Annals of Surgical Oncology 5/2017

Resection of Pheochromocytoma Improves Diabetes Mellitus in the Majority of Patients

Zeitschrift:
Annals of Surgical Oncology > Ausgabe 5/2017
Autoren:
MD Toni Beninato, MSc Wouter P. Kluijfhout, MD Frederick Thurston Drake, BA James Lim, BA Julie S. Kwon, BA Maggie Xiong, MD Wen T. Shen, MD Jessica E. Gosnell, MD Chienying Liu, MD Insoo Suh, MD Quan-Yang Duh

Abstract

Background

Catecholamine excess in patients with pheochromocytoma often results in impaired glucose tolerance, leading to diabetes mellitus.

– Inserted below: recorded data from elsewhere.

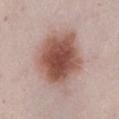Imaged during a routine full-body skin examination; the lesion was not biopsied and no histopathology is available.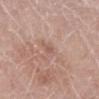No biopsy was performed on this lesion — it was imaged during a full skin examination and was not determined to be concerning.
This is a white-light tile.
A female patient, aged around 60.
About 1 mm across.
From the left lower leg.
A lesion tile, about 15 mm wide, cut from a 3D total-body photograph.
An algorithmic analysis of the crop reported a mean CIELAB color near L≈55 a*≈21 b*≈25 and a normalized lesion–skin contrast near 5. The software also gave a border-irregularity index near 2.5/10, a within-lesion color-variation index near 0/10, and peripheral color asymmetry of about 0. The software also gave a classifier nevus-likeness of about 0/100 and a lesion-detection confidence of about 100/100.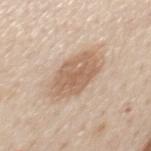  biopsy_status: not biopsied; imaged during a skin examination
  image:
    source: total-body photography crop
    field_of_view_mm: 15
  patient:
    sex: male
    age_approx: 60
  site: mid back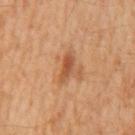Clinical impression:
Part of a total-body skin-imaging series; this lesion was reviewed on a skin check and was not flagged for biopsy.
Image and clinical context:
A 15 mm close-up extracted from a 3D total-body photography capture. This is a cross-polarized tile. A male subject, aged 58 to 62. The lesion's longest dimension is about 3.5 mm. On the mid back.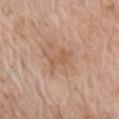  lesion_size:
    long_diameter_mm_approx: 3.0
  site: right upper arm
  automated_metrics:
    area_mm2_approx: 4.5
    eccentricity: 0.8
    shape_asymmetry: 0.3
  image:
    source: total-body photography crop
    field_of_view_mm: 15
  patient:
    sex: female
    age_approx: 75
  lighting: white-light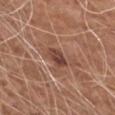Impression:
No biopsy was performed on this lesion — it was imaged during a full skin examination and was not determined to be concerning.
Image and clinical context:
Measured at roughly 3 mm in maximum diameter. A 15 mm close-up tile from a total-body photography series done for melanoma screening. Captured under white-light illumination. From the left upper arm. The patient is a male aged around 60.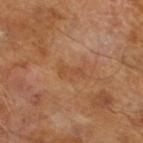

Little data are available on the long-term effect of surgery on diabetes.

Objective

The primary aim of this study was to determine the likelihood of diabetes cure after surgery, while secondary objectives were to determine risk factors for development of diabetes preoperatively and persistence of diabetes postoperatively.

Methods

All patients undergoing surgery for pheochromocytoma from 1996 to 2015 were retrospectively reviewed to identify those with a preoperative diagnosis of diabetes. Demographic and diabetes-specific data were collected. Median follow-up was 52.1 months.

Results

Overall, 153 patients underwent surgery. Diabetes was seen in 36 (23.4%) patients. Eight patients met the exclusion criteria and were removed from the final analysis, while 22 (78.6%) patients had complete resolution of diabetes. Four patients remained on medication with improved control. Overall, 93.0% of patients had improvement of their diabetes; two patients did not improve. Patients with large, symptomatic tumors were more likely to develop preoperative diabetes, and diabetes was more likely to persist in patients who had an elevated body mass index (BMI).

Conclusions

Diabetes was found concurrently with pheochromocytoma in 23% of patients, more often in those with large, symptomatic tumors. The majority of patients had long-term resolution of diabetes after successful resection; however, some patients may continue to require treatment of diabetes after operation, especially those with a higher BMI.